**Material provided**

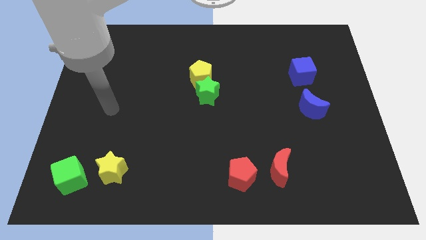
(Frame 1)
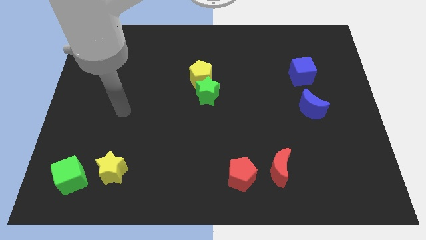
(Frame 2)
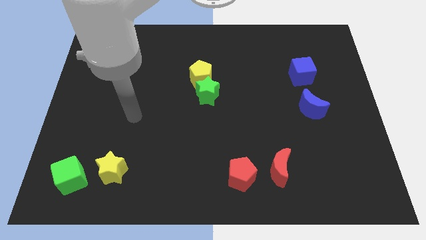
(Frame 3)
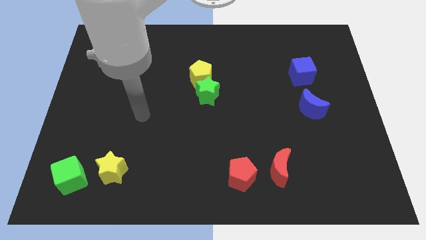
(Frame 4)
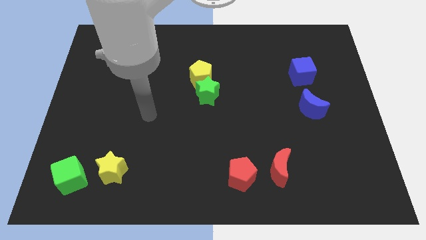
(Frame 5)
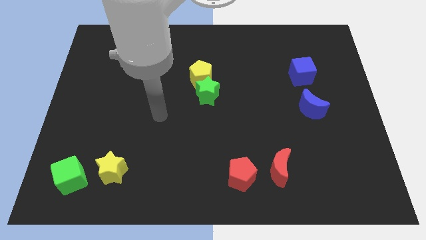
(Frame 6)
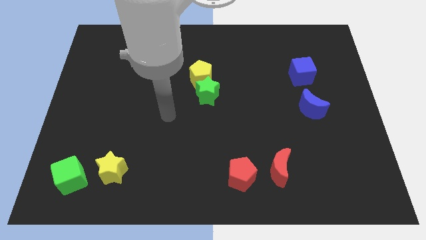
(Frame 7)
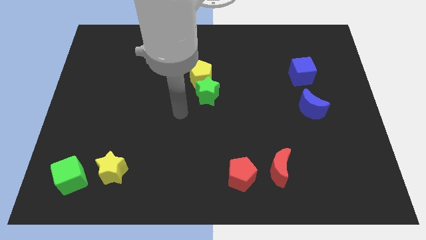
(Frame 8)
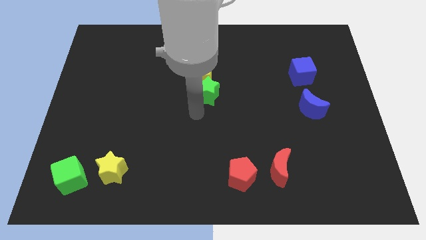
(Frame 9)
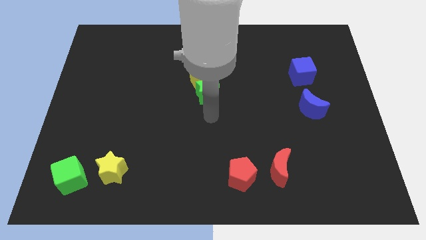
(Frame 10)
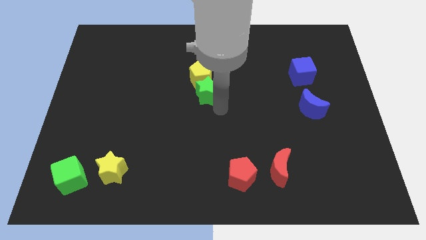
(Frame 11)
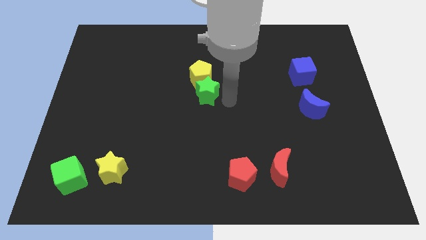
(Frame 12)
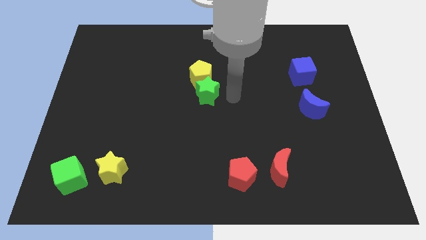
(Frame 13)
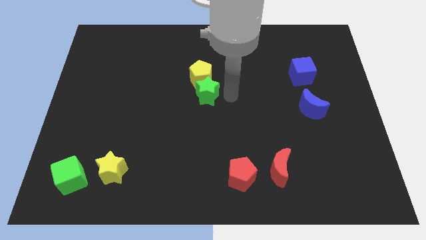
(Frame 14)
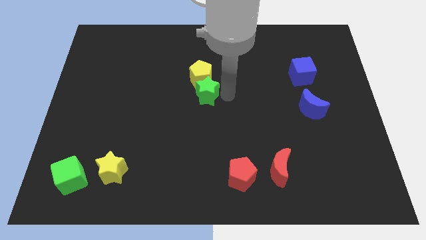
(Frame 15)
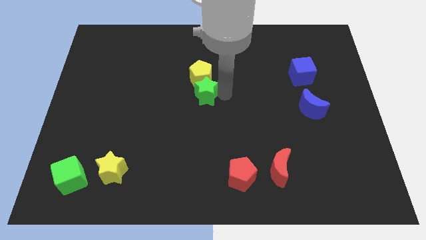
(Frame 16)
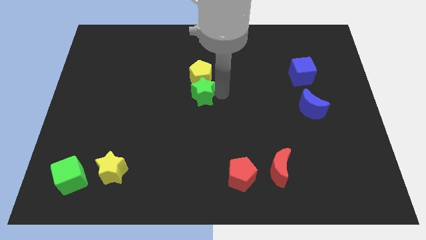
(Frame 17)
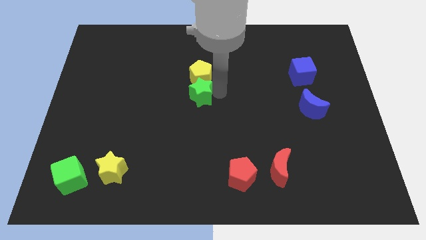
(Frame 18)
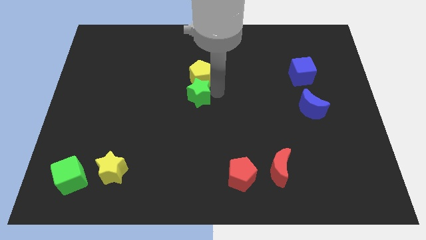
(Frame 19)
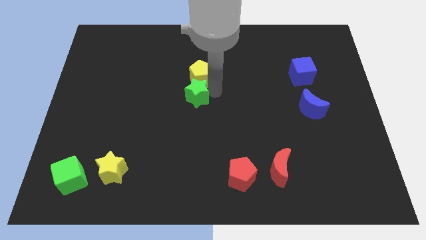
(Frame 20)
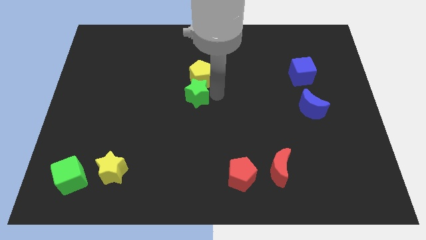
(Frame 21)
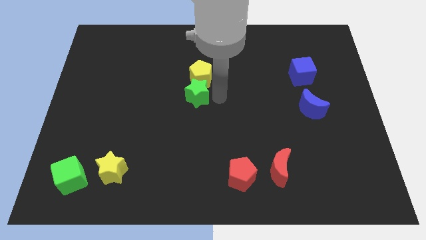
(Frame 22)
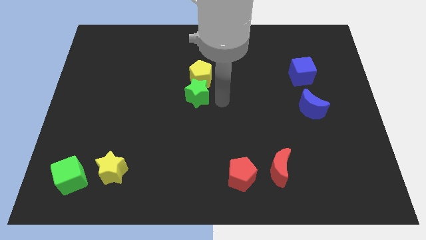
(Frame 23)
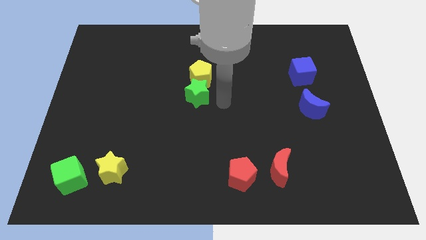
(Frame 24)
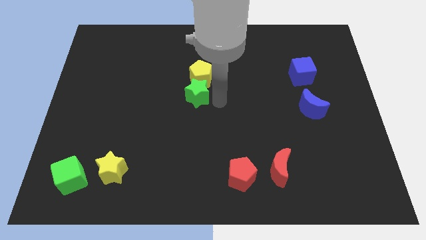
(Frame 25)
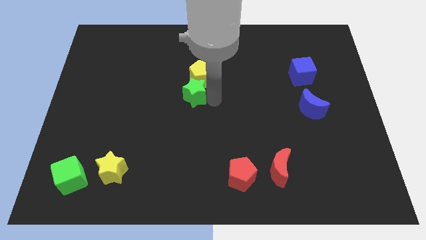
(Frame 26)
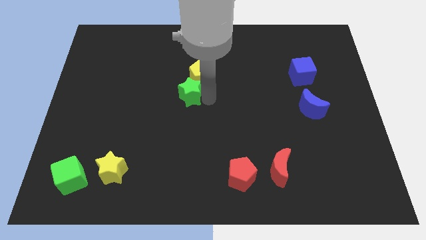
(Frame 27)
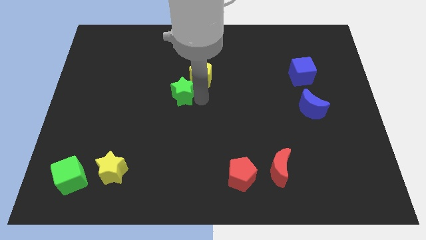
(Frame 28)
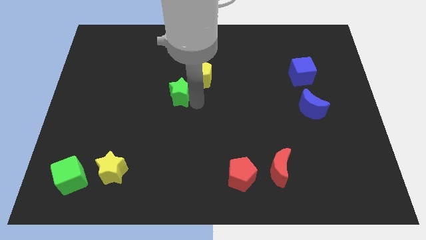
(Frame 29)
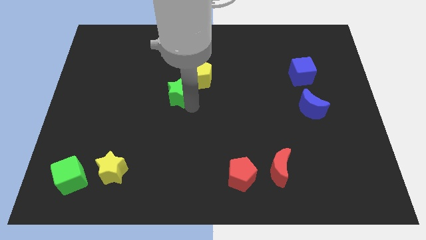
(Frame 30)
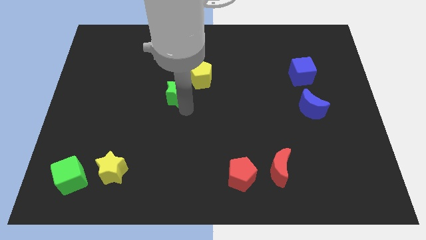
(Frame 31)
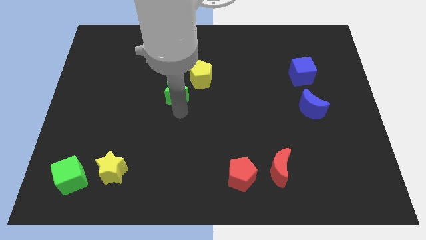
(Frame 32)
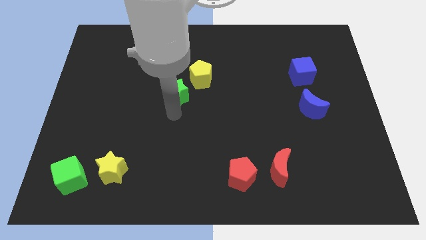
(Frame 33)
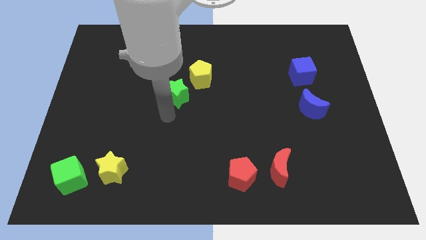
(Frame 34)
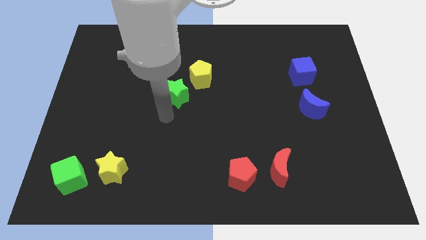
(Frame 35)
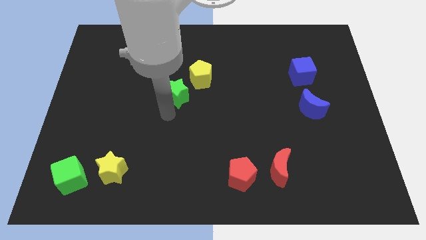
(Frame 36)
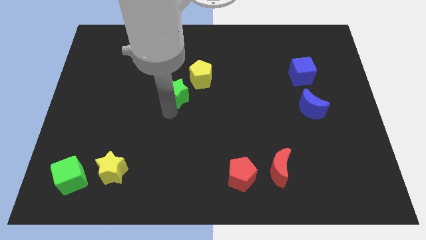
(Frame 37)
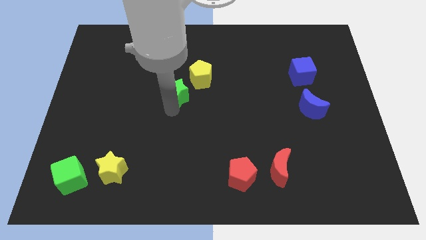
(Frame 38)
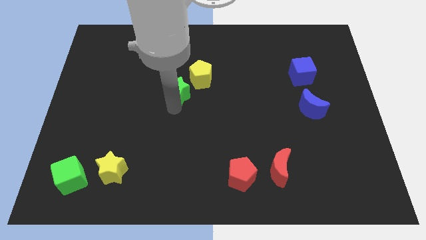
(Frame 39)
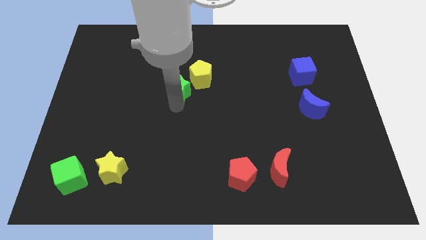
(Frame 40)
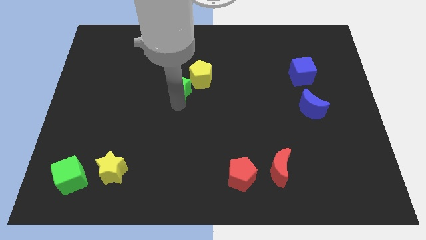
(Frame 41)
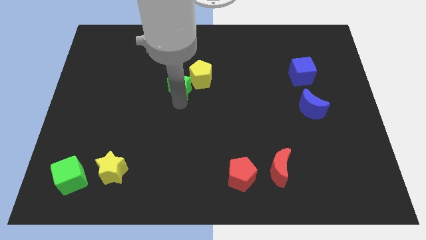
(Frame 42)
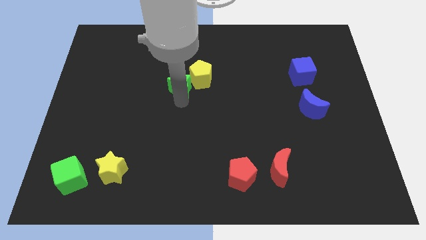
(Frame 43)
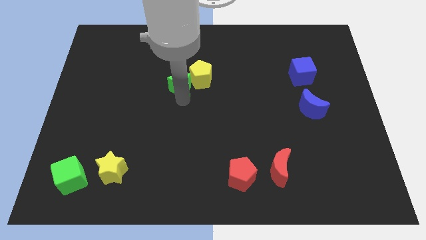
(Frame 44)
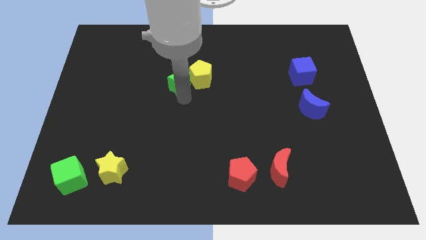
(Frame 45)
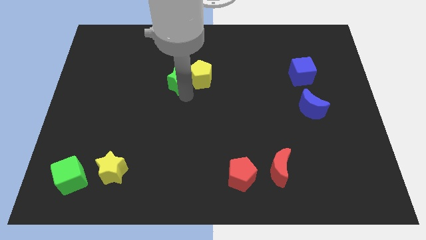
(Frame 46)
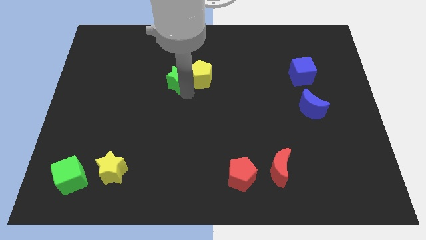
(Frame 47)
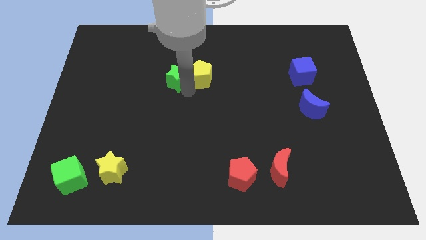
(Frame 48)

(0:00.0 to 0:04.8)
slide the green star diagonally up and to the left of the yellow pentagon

**Exercise prompt**
Exact copy, no pictures: reproduce every record above.

**Task solution**
(Frame 1)
(Frame 2)
(Frame 3)
(Frame 4)
(Frame 5)
(Frame 6)
(Frame 7)
(Frame 8)
(Frame 9)
(Frame 10)
(Frame 11)
(Frame 12)
(Frame 13)
(Frame 14)
(Frame 15)
(Frame 16)
(Frame 17)
(Frame 18)
(Frame 19)
(Frame 20)
(Frame 21)
(Frame 22)
(Frame 23)
(Frame 24)
(Frame 25)
(Frame 26)
(Frame 27)
(Frame 28)
(Frame 29)
(Frame 30)
(Frame 31)
(Frame 32)
(Frame 33)
(Frame 34)
(Frame 35)
(Frame 36)
(Frame 37)
(Frame 38)
(Frame 39)
(Frame 40)
(Frame 41)
(Frame 42)
(Frame 43)
(Frame 44)
(Frame 45)
(Frame 46)
(Frame 47)
(Frame 48)

(0:00.0 to 0:04.8)
slide the green star diagonally up and to the left of the yellow pentagon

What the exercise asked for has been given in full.